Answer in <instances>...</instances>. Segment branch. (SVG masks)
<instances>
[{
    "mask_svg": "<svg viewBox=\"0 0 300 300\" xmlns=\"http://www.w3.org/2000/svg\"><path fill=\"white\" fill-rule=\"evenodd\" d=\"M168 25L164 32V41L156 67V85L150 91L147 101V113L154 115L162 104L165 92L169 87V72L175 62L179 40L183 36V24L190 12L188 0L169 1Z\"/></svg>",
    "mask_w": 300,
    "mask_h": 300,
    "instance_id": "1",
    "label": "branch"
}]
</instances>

Task requirements
The reply should consist of the full listing, copied exactly.

Answer for the task
Answer in <instances>...</instances>. Segment branch. (SVG masks)
<instances>
[{
    "mask_svg": "<svg viewBox=\"0 0 300 300\" xmlns=\"http://www.w3.org/2000/svg\"><path fill=\"white\" fill-rule=\"evenodd\" d=\"M168 25L164 32V41L156 67V85L150 91L147 101V113L154 115L162 104L165 92L169 87V72L175 62L179 40L183 36V24L190 12L188 0L169 1Z\"/></svg>",
    "mask_w": 300,
    "mask_h": 300,
    "instance_id": "1",
    "label": "branch"
}]
</instances>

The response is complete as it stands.